Предположим, мы хотим создать нейронную сеть, чтобы предсказать исход гонки между некоторым количеством участников.
Каждый участник гонки имеет различную статистику: мощность двигателя, максимальная скорость, опыт водителя и т. Д.
Теперь представьте, что нас попросили построить систему, которая может обрабатывать любое количество участников от 2 до 400 участников (просто для того, чтобы выбрать конкретное число).
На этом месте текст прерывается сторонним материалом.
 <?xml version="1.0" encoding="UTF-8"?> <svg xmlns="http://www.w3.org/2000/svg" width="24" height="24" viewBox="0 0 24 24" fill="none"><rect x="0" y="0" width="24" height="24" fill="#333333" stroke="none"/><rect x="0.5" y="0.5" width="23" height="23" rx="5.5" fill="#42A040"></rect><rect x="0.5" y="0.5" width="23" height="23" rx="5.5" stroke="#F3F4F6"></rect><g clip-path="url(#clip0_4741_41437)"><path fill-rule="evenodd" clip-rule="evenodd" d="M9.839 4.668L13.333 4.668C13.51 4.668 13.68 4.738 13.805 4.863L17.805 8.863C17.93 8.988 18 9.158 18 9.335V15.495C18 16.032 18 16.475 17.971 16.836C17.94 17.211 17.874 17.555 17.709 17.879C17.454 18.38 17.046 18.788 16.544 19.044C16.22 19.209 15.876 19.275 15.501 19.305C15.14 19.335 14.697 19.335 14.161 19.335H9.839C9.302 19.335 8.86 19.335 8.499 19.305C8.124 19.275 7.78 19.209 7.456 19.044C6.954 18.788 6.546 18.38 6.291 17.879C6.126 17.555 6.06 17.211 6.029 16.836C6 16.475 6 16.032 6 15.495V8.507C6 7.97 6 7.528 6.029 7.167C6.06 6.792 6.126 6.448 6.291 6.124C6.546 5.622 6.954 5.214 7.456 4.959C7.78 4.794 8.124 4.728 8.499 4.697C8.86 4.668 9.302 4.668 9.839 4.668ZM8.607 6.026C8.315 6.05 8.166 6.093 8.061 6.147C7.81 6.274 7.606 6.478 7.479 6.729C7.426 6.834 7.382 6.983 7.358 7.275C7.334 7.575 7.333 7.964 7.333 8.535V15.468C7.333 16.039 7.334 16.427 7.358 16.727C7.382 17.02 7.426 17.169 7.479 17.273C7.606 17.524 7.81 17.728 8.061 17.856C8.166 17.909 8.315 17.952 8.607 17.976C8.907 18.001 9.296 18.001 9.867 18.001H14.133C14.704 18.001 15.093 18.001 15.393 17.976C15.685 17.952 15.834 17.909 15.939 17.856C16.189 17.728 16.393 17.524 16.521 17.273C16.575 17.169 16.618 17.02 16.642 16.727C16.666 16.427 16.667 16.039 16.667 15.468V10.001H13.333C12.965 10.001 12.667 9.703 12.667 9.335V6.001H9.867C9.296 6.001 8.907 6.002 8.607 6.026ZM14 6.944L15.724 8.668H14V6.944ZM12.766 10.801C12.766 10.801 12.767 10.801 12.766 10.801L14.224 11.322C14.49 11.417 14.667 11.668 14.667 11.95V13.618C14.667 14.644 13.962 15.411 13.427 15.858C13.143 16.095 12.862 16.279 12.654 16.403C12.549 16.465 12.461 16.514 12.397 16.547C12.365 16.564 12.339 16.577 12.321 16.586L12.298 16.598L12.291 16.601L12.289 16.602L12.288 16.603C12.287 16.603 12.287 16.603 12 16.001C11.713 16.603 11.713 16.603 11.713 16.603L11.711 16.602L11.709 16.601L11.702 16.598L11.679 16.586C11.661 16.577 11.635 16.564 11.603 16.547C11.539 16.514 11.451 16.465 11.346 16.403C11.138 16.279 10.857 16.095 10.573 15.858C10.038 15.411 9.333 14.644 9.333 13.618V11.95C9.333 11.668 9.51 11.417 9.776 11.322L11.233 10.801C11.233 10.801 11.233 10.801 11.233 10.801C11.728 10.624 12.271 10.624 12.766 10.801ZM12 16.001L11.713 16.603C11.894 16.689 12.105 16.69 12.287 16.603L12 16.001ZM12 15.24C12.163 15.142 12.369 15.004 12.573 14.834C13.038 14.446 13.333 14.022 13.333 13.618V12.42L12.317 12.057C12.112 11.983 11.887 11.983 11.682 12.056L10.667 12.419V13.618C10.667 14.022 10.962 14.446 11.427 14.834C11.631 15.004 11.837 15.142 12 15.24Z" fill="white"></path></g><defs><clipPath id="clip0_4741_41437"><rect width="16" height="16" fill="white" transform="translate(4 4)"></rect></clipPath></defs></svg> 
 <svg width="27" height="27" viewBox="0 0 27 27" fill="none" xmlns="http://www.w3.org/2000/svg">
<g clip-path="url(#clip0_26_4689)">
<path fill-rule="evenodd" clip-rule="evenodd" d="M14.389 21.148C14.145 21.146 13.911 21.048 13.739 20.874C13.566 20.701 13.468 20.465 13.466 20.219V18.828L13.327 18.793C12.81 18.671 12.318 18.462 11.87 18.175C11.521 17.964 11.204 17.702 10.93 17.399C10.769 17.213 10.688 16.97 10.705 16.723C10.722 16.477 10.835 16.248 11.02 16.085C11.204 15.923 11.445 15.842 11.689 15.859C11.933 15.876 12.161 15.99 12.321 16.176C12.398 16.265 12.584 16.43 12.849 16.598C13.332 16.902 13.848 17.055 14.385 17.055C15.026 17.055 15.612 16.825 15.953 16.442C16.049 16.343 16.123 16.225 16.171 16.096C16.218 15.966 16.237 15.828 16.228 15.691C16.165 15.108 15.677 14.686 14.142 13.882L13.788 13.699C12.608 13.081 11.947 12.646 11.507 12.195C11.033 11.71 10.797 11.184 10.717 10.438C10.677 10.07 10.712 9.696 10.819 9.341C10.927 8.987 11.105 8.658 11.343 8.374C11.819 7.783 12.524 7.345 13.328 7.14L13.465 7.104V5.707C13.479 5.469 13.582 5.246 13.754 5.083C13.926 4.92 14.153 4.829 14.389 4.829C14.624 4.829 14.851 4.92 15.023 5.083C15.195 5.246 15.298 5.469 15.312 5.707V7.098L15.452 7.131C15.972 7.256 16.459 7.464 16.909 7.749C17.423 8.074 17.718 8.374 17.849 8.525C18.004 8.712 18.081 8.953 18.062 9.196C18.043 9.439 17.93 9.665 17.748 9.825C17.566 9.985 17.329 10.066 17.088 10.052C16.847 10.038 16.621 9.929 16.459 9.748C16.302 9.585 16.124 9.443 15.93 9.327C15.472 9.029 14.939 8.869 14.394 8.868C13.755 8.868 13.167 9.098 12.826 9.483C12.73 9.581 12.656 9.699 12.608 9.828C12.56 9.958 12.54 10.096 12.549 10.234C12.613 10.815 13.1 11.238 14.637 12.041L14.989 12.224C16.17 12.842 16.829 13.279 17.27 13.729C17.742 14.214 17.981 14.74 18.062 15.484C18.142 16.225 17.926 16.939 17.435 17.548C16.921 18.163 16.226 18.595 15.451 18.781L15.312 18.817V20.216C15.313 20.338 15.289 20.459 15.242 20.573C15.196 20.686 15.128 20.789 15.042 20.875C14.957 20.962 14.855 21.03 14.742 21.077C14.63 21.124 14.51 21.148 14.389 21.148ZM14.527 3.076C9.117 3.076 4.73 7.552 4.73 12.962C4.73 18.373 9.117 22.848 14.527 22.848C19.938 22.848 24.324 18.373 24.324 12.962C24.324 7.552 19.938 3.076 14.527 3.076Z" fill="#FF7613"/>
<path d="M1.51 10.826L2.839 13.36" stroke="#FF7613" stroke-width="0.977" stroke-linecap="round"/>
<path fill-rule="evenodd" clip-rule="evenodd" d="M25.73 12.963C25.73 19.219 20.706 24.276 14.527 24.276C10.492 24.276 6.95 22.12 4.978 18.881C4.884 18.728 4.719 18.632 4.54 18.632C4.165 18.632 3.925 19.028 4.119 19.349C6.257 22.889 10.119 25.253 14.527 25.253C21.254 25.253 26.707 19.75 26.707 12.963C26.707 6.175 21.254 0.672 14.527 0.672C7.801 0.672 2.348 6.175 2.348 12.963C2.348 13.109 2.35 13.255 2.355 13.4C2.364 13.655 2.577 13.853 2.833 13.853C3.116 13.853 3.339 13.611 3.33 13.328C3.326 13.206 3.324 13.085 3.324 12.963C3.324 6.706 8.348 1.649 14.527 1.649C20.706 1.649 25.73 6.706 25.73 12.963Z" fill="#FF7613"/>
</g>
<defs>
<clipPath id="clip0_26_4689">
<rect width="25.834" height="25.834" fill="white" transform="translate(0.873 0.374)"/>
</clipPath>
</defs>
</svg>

Из того, что я узнал "Традиционные "Нейронные сети до сих пор, наш выбор:
- Создайте много разных нейронных сетей для каждого числа участников: n = 2, 3, 4, 5, ..., 400.
- Обучите одну нейронную сеть, принимая данные от 400 участников.Когда часть данных относится к гонке с менее чем 400 участниками (это будет большой процент данных), просто установите все оставшиеся статистические данные на 0.
Предполагая, что это сработает, есть лиесть ли основания ожидать, что один метод будет работать лучше, чем другой?
Первый более специализирован, но у вас гораздо меньше данных о тренировках на сеть, поэтому я предполагаю, что он будет работать примерно так же?
Существует ли стандартный способ решения подобных проблем?
Мы могли бы представить (упрощенно), что нейронная сеть сначала классифицирует силу каждого участника, и, следовательно, каждый раз, когда добавляется новый участник, он должен применить тот же самый анализ к этим новым входам, потенциально намекая на то, что может быть «умный» способ уменьшить общий объем требуемой работы.
Это просто крик для сверточной нейронной сети?